The material below holds a span beginning at the line with "Ordered from earliest" and ending at the line with "From image 1, 0.7 seconds elapsed.". Quote that span exactly, both ends included, and only that span.

**GIVEN ENTRIES**:
______________________________

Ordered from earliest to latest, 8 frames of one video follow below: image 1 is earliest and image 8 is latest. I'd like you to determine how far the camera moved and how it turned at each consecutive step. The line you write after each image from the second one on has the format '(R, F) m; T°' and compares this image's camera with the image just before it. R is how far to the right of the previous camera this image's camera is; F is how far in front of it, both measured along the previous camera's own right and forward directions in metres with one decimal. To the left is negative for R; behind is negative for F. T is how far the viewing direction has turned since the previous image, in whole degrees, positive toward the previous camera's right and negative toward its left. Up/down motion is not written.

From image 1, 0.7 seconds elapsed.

______________________________

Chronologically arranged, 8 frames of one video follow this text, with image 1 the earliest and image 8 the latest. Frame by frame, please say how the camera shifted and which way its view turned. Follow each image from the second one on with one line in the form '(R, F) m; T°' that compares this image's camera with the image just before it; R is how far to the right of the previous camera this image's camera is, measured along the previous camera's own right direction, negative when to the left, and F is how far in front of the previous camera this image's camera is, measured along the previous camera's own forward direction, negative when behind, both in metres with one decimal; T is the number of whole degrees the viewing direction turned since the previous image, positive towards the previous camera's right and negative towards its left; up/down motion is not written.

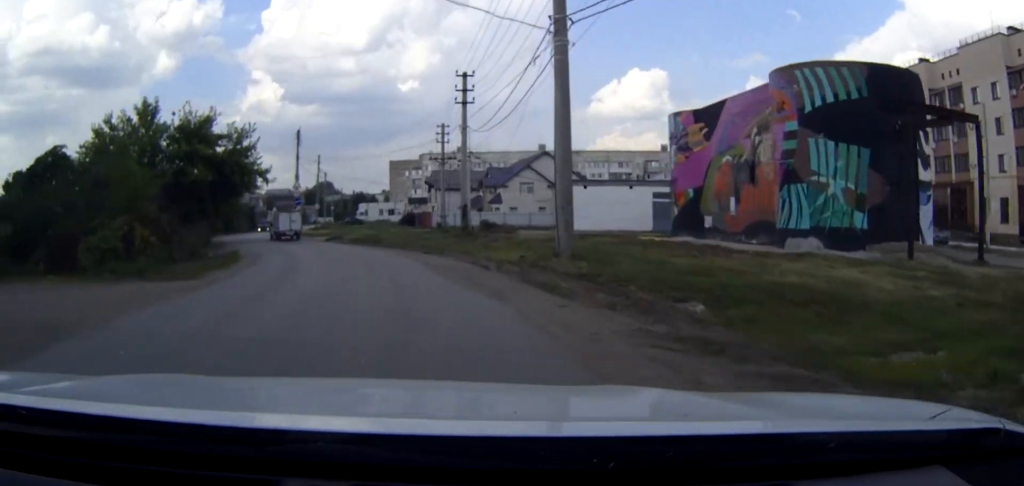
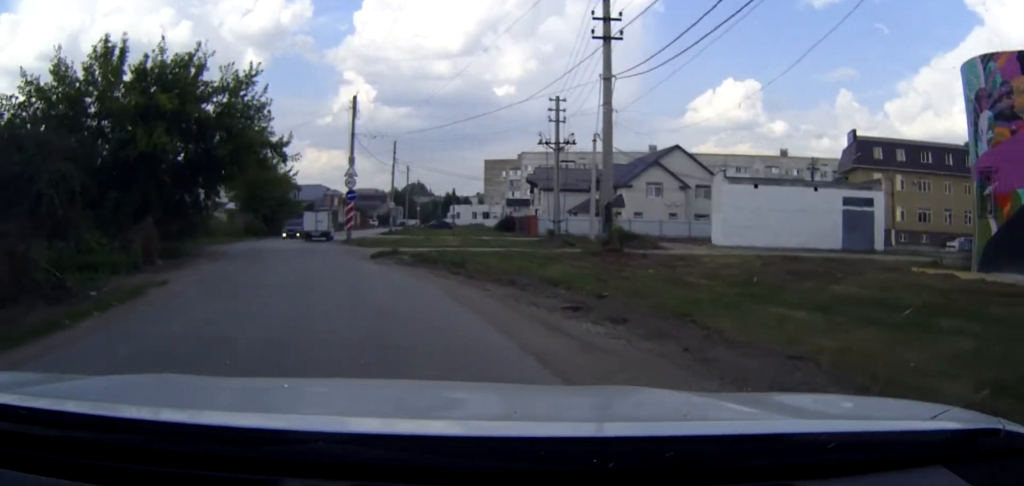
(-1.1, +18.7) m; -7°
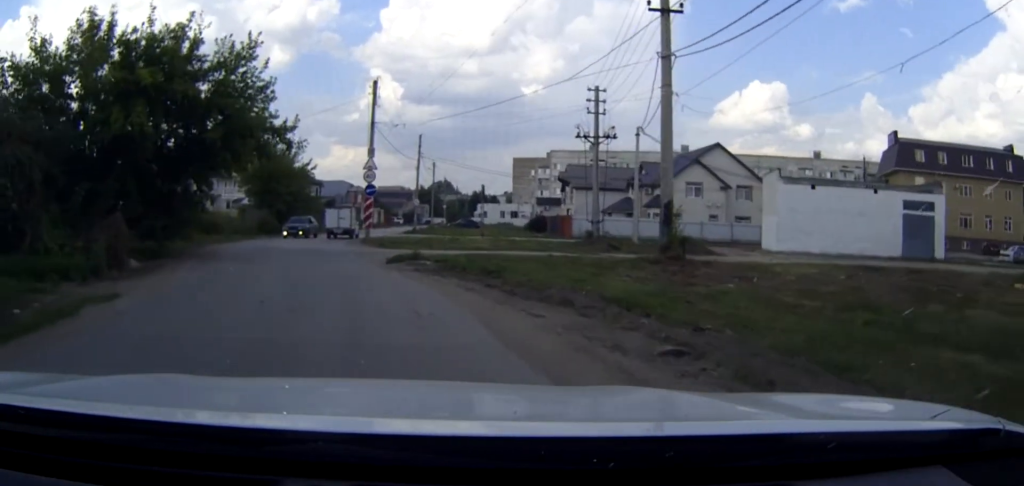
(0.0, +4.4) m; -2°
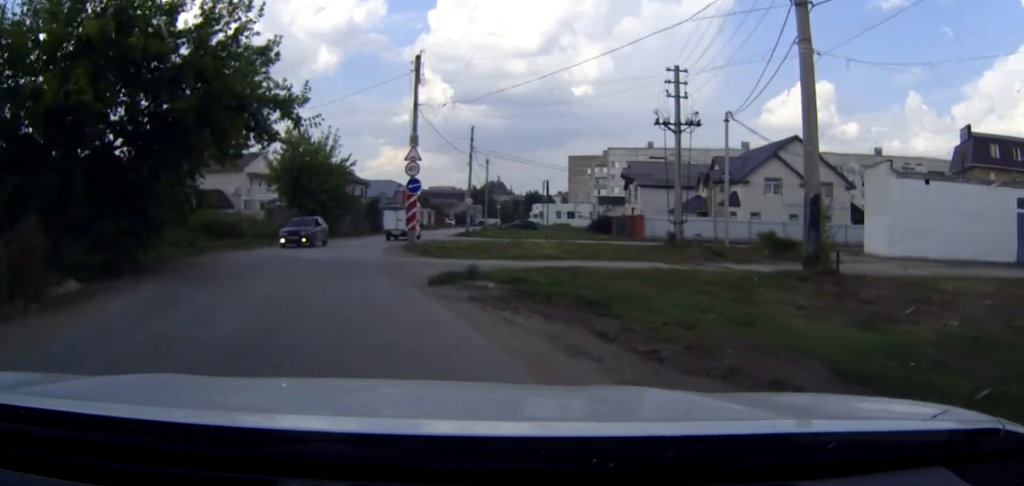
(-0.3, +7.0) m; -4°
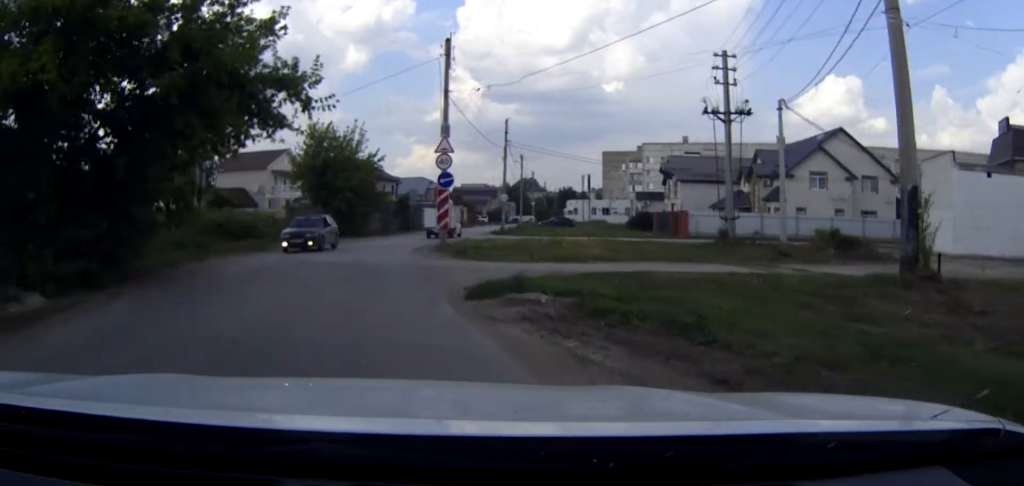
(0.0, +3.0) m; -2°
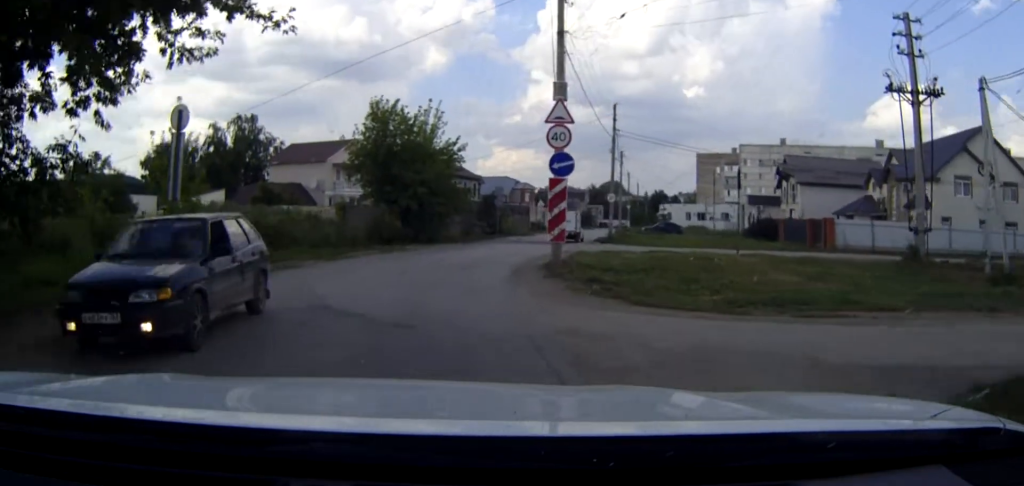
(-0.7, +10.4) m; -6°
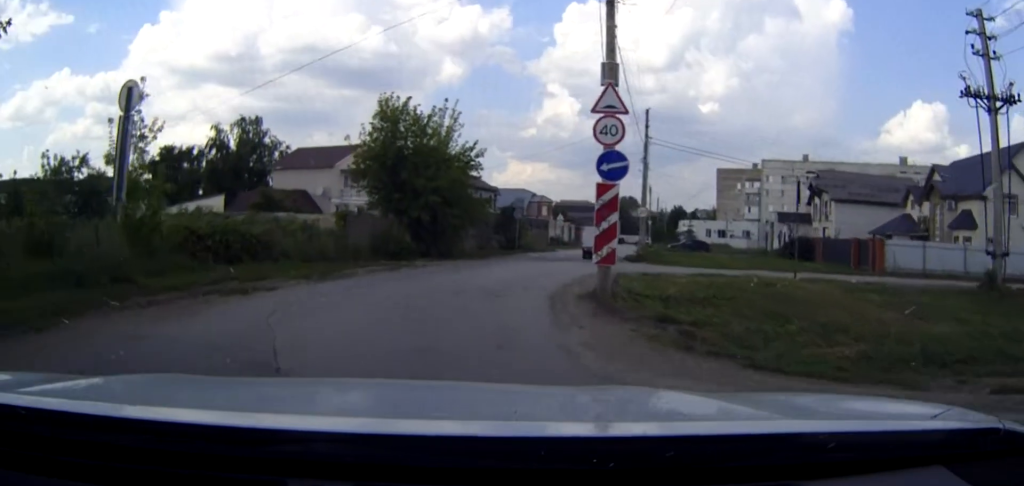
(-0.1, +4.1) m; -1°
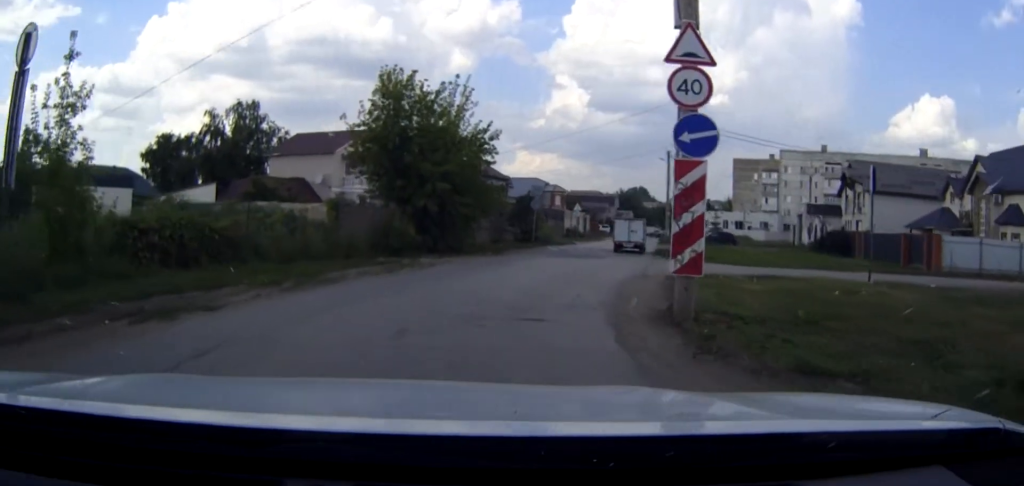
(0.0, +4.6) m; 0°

______________________________

**ANSWER BOX**:
Ordered from earliest to latest, 8 frames of one video follow below: image 1 is earliest and image 8 is latest. I'd like you to determine how far the camera moved and how it turned at each consecutive step. The line you write after each image from the second one on has the format '(R, F) m; T°' and compares this image's camera with the image just before it. R is how far to the right of the previous camera this image's camera is; F is how far in front of it, both measured along the previous camera's own right and forward directions in metres with one decimal. To the left is negative for R; behind is negative for F. T is how far the viewing direction has turned since the previous image, in whole degrees, positive toward the previous camera's right and negative toward its left. Up/down motion is not written.

From image 1, 0.7 seconds elapsed.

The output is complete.